14 октября могло бы исполниться 55 лет моему отцу, артисту Алексею Девотченко (1965 – 2014). Я до сих пор теряюсь, когда кто-то спрашивает, есть ли у меня любимая папина роль. Актёрские дети прекрасно знают, какое это проклятие! Ведь ещё не стёрлись, не угасли сентиментальные воспоминания о воскресных походах в кино, о поездках на дачу в Комарово, о том, как вы вместе смотрели Чарли Чаплина и тайком от мамы пили вредную газировку – а тут какая-то «любимая роль»…

Да и очень уж много у папы было прекрасных ролей: сразу вспоминаются и легендарные его моноспектакли, и безумный капельмейстер Иоганнес Крейслер из спектакля «P.S.» по Гофману, и фиглярствующий Шут из додинского «Короля Лира», и страшнейший Хлестаков из «Ревизора» Валерия Фокина, и, и, и… Да много чего вспоминается.

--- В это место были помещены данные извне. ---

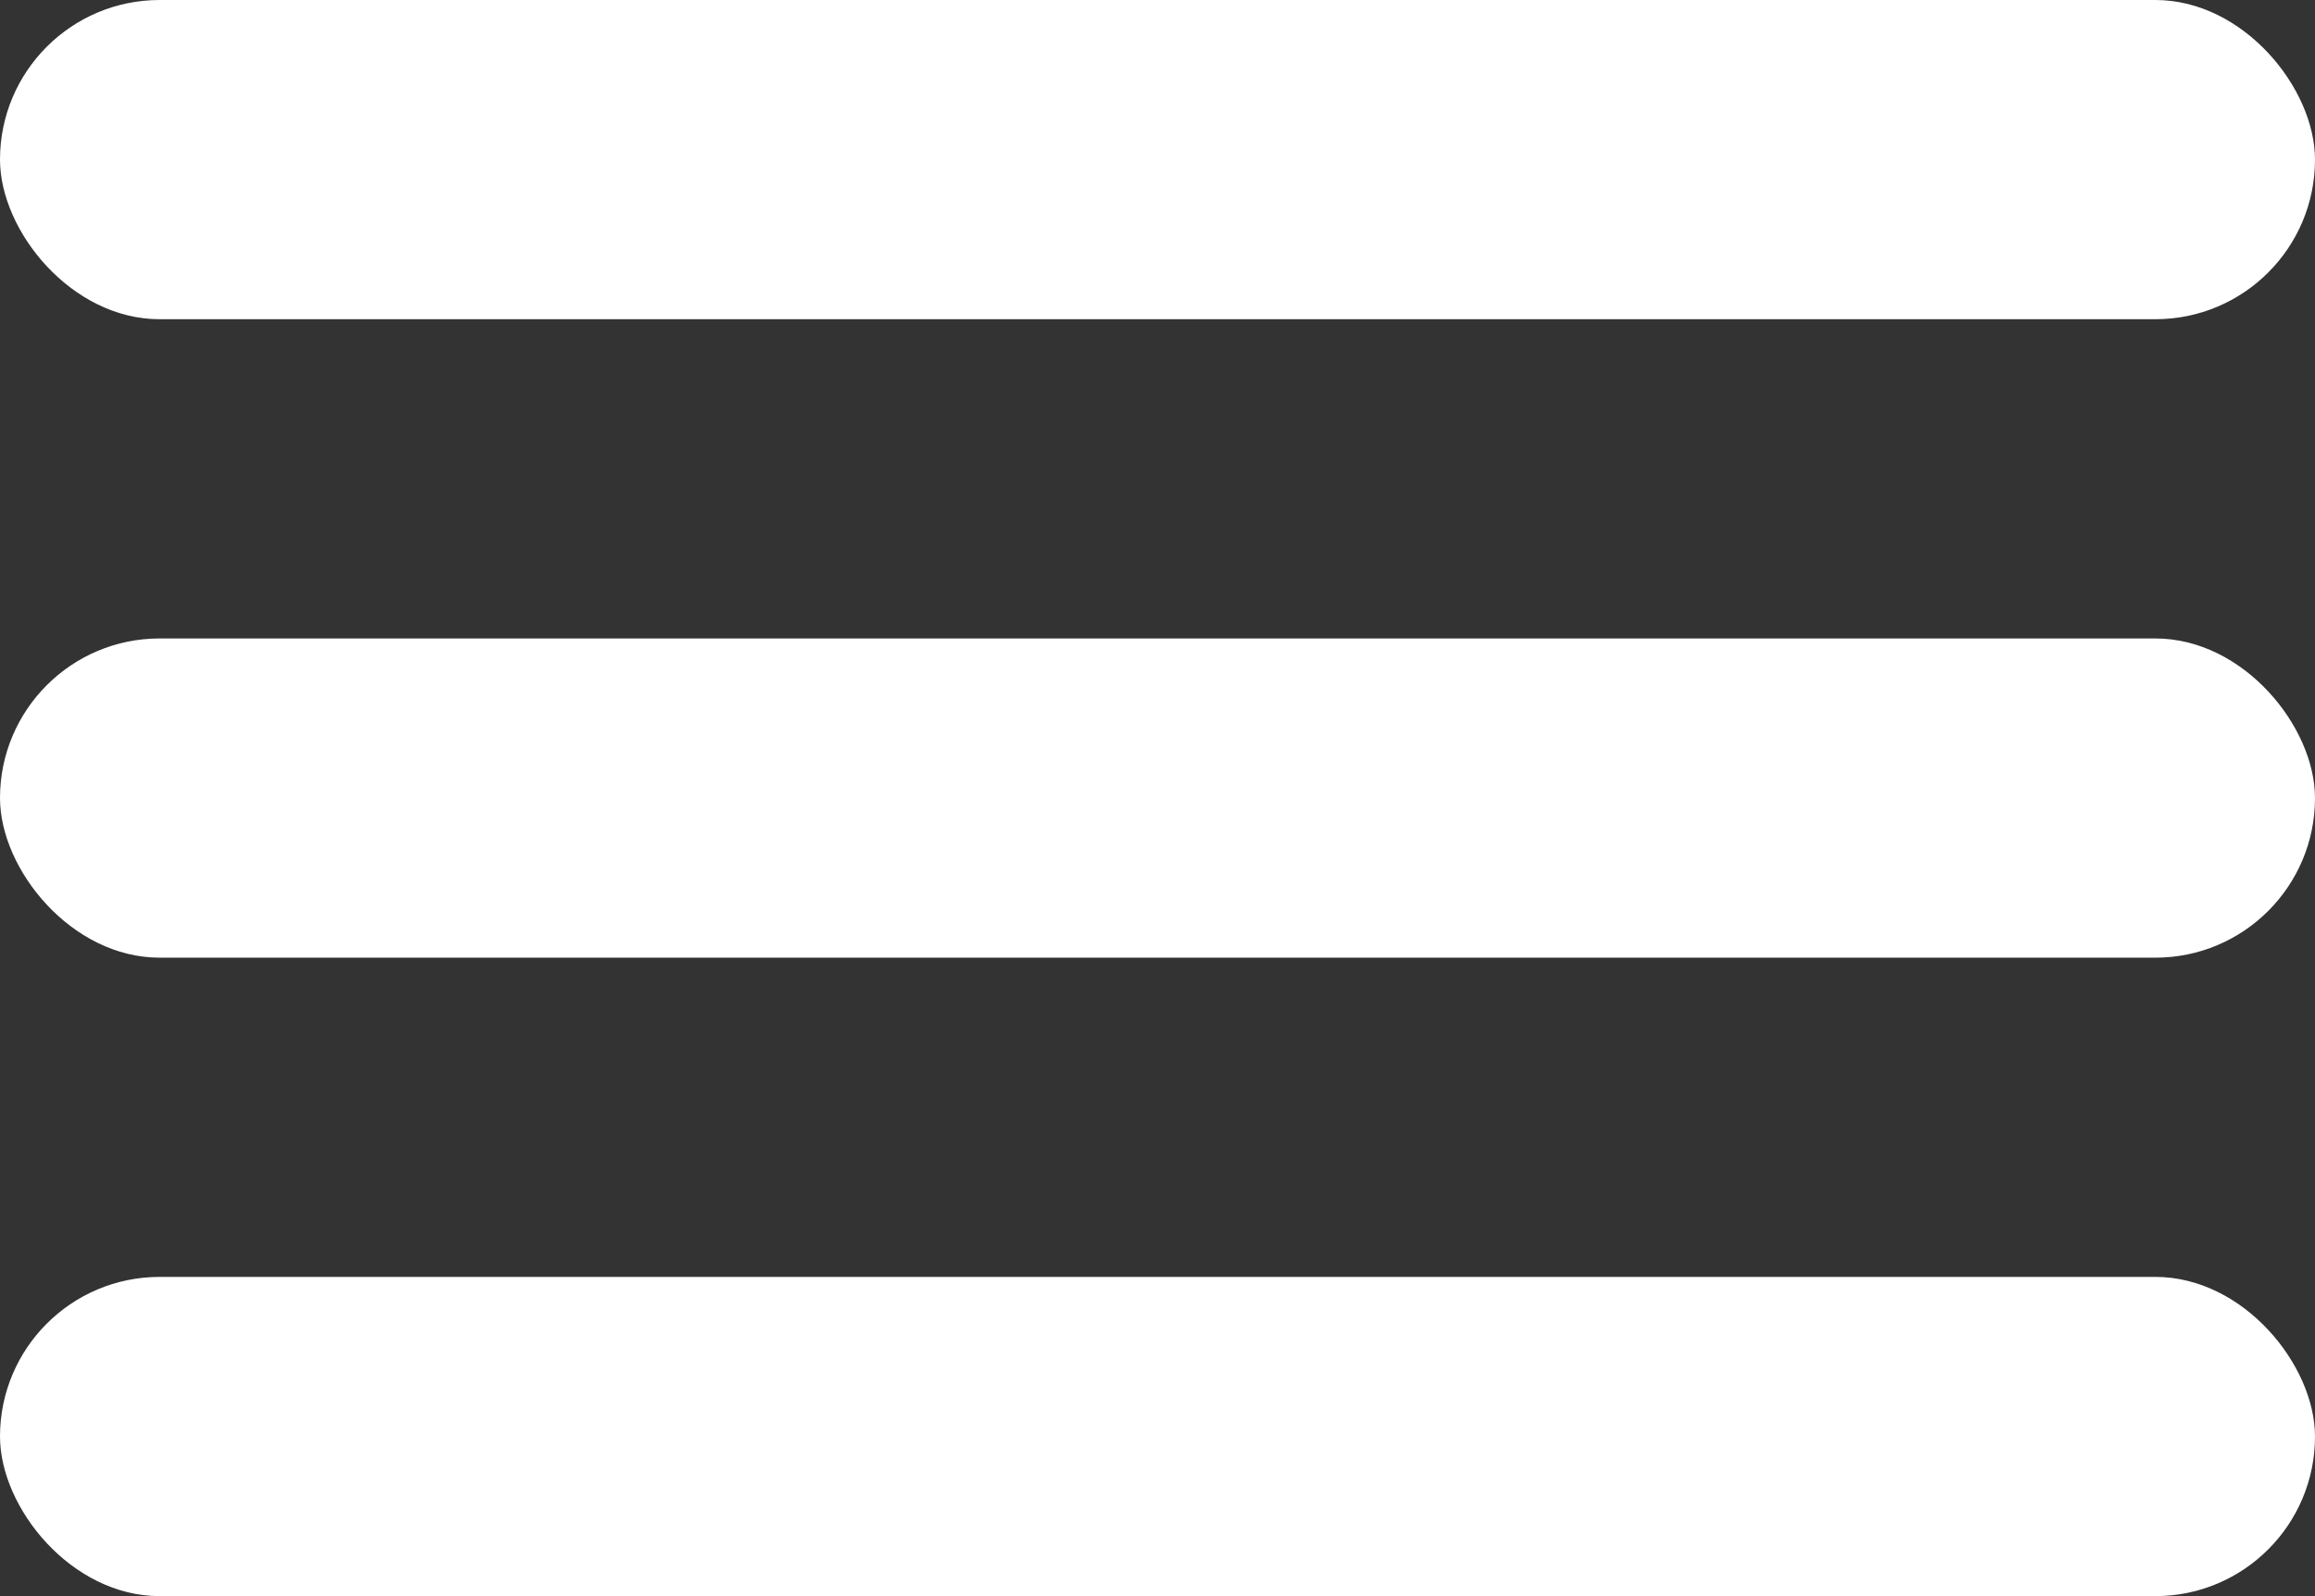 <?xml version="1.0" encoding="UTF-8"?> <svg xmlns="http://www.w3.org/2000/svg" width="29" height="20" viewBox="0 0 29 20" fill="none"><rect x="0" y="0" width="29" height="20" fill="#333333" stroke="none"/> <rect width="29" height="4" rx="2" fill="white"></rect> <rect y="8" width="29" height="4" rx="2" fill="white"></rect> <rect y="16" width="29" height="4" rx="2" fill="white"></rect> </svg>

Но, наверное, главным моим театральным впечатлением стал всё же моноспектакль «Дневник провинциала в Петербурге», который режиссёр Григорий Козлов поставил по мотивам одноимённого романа М. Е. Салтыкова-Щедрина. Этот спектакль я видел очень много раз – кажется, что-то около десяти, – и на самых разных площадках: папа играл его и в «Мастерской» у Козлова, и в Интерьерном театре, что на Невском проспекте, и в московском театре «Модерн», и на малой сцене МХТ им. Чехова, и в Гоголь-центре Кирилла Серебренникова… Сейчас, по прошествии нескольких лет, когда моего отца уже нет на свете, а «Дневник провинциала» можно посмотреть только в записи, я всё чаще ловлю себя на мысли, что этот удивительный, ни на что не похожий спектакль был неотделим от самого папы, от жизни и судьбы артиста Алексея Девотченко.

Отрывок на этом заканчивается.